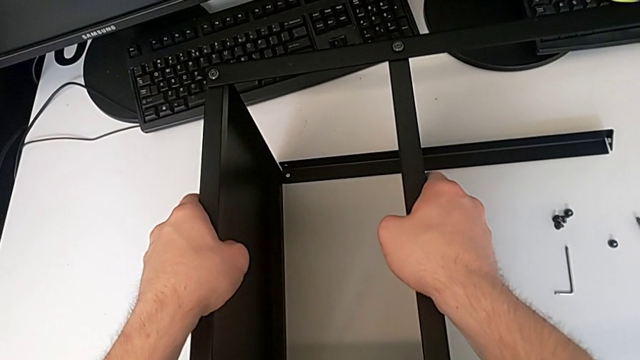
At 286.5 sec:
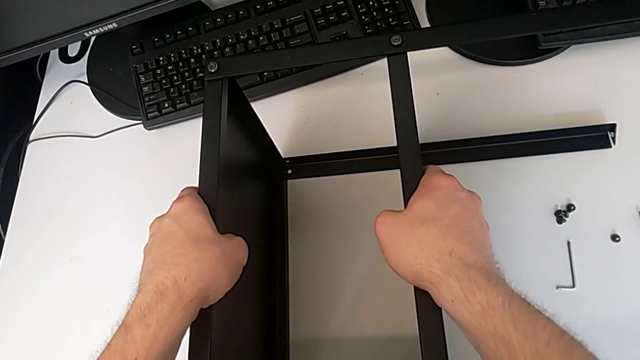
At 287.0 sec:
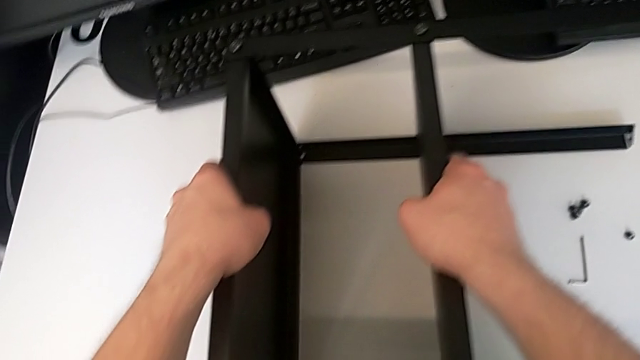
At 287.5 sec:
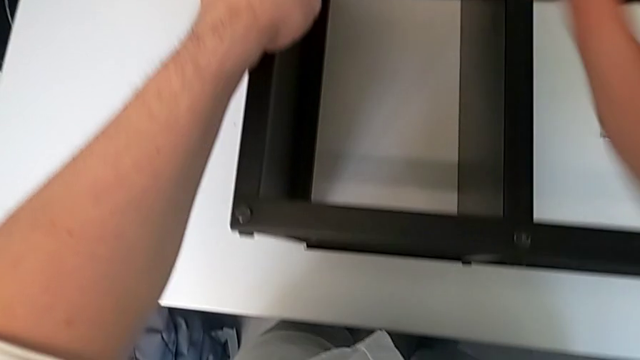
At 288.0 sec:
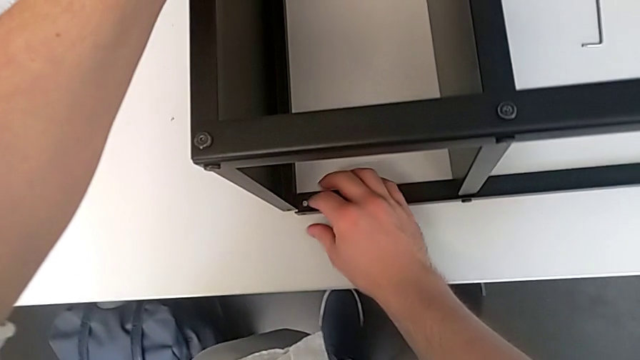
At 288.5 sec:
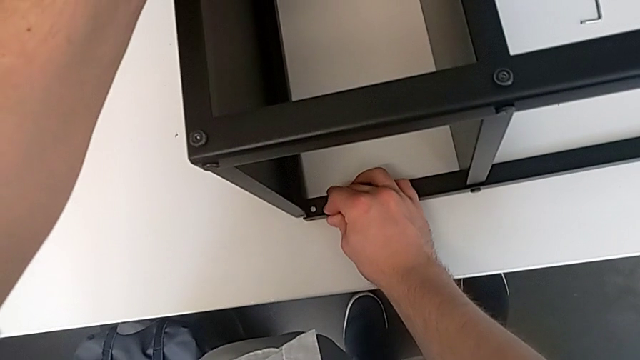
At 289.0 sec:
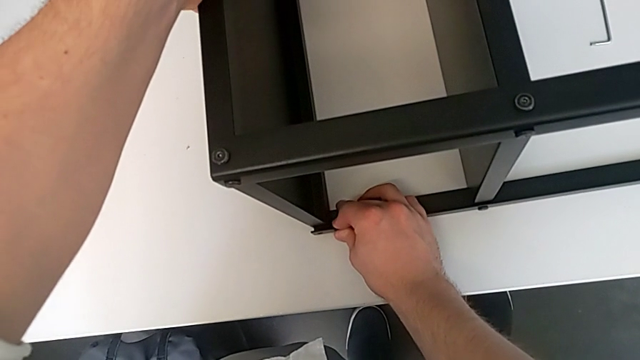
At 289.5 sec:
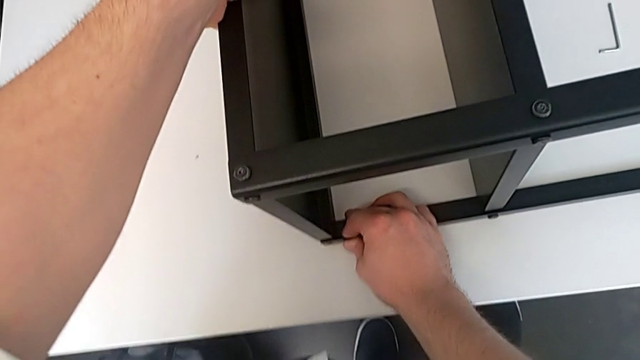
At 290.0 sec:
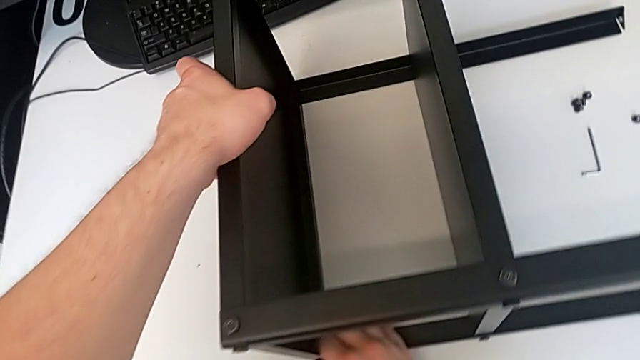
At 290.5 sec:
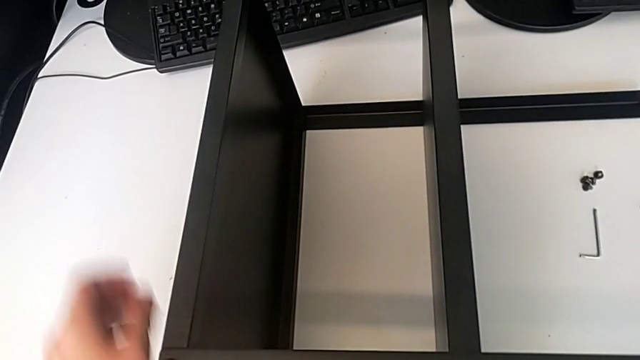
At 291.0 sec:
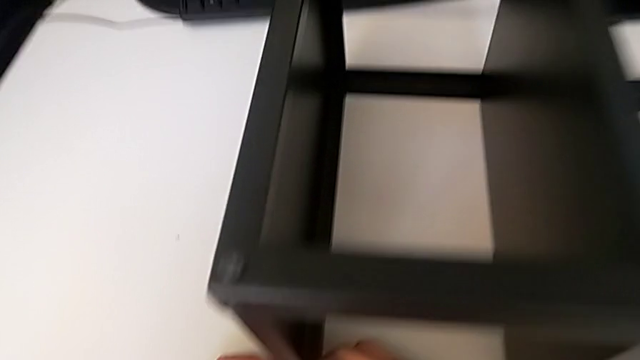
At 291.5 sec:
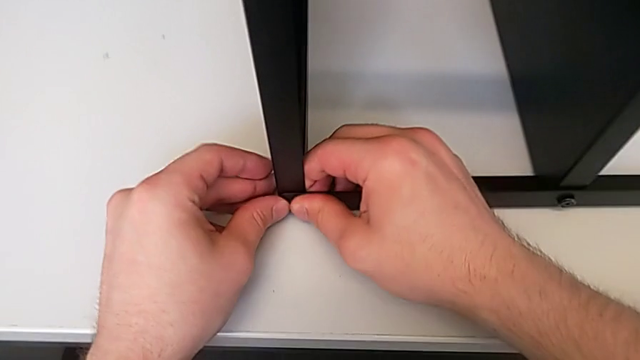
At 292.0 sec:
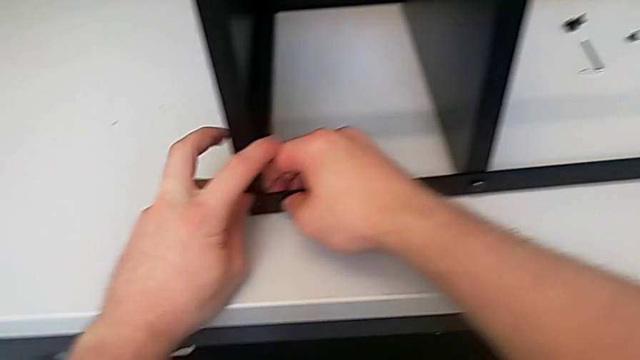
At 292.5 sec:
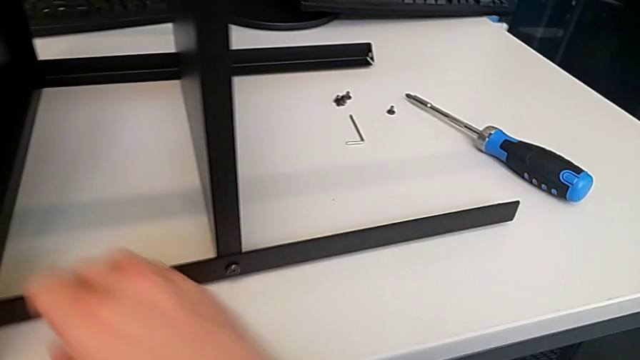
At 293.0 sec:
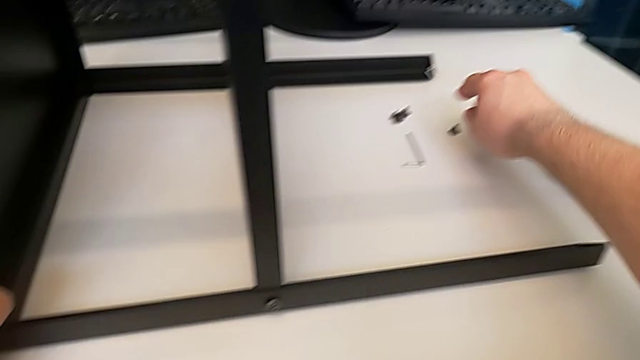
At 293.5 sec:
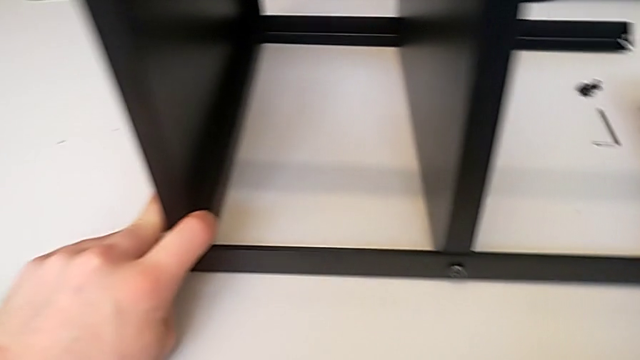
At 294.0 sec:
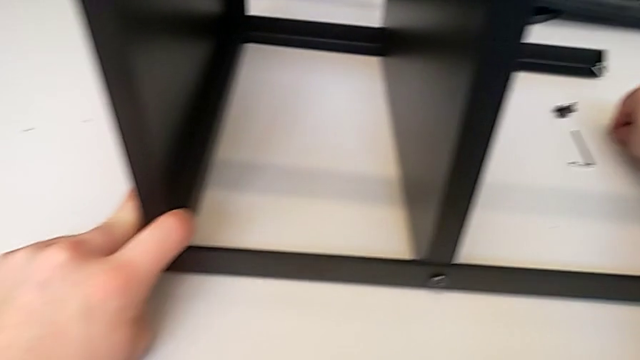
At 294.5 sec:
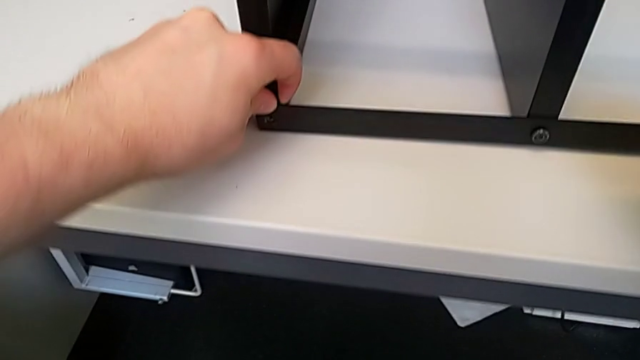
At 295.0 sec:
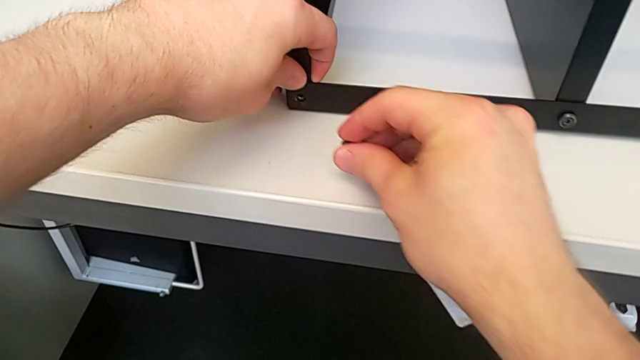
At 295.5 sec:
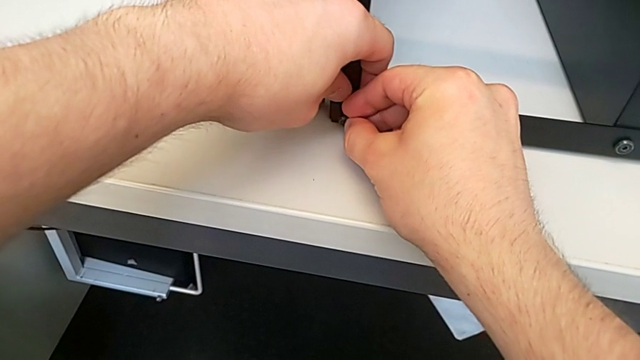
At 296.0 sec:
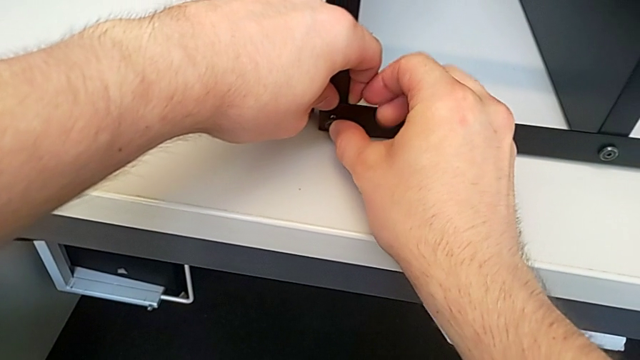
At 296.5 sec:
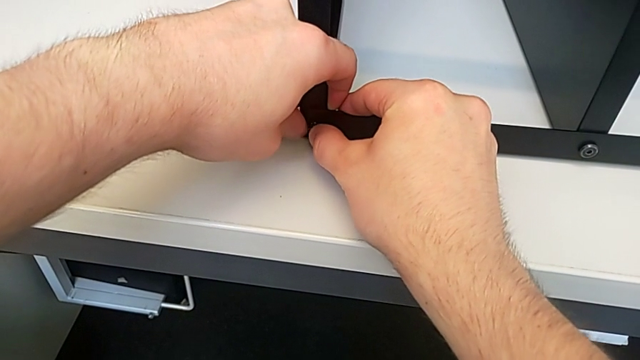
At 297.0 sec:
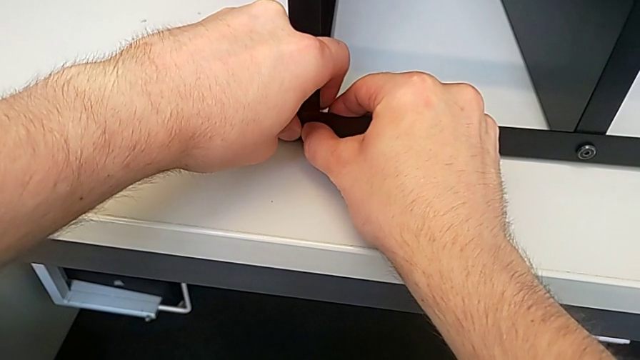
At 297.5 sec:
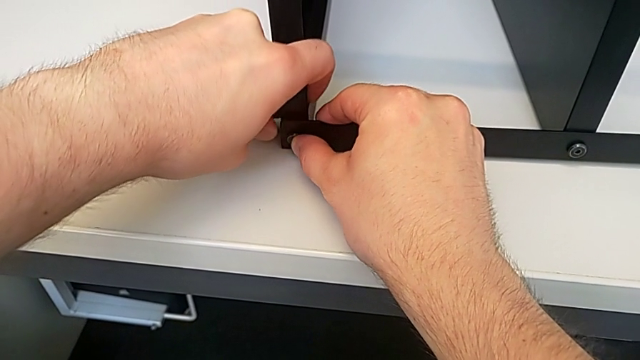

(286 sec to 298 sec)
The camera wearer is screwing the tenth leg into the table. They keep aligning the leg, lift the twelfth hex socket head and insert the hex socket head.
========================================
*Work item*.
Transcribe every entry word for word, excluding images.

*Task solution*.
At 286.5 sec:
At 287.0 sec:
At 287.5 sec:
At 288.0 sec:
At 288.5 sec:
At 289.0 sec:
At 289.5 sec:
At 290.0 sec:
At 290.5 sec:
At 291.0 sec:
At 291.5 sec:
At 292.0 sec:
At 292.5 sec:
At 293.0 sec:
At 293.5 sec:
At 294.0 sec:
At 294.5 sec:
At 295.0 sec:
At 295.5 sec:
At 296.0 sec:
At 296.5 sec:
At 297.0 sec:
At 297.5 sec:

(286 sec to 298 sec)
The camera wearer is screwing the tenth leg into the table. They keep aligning the leg, lift the twelfth hex socket head and insert the hex socket head.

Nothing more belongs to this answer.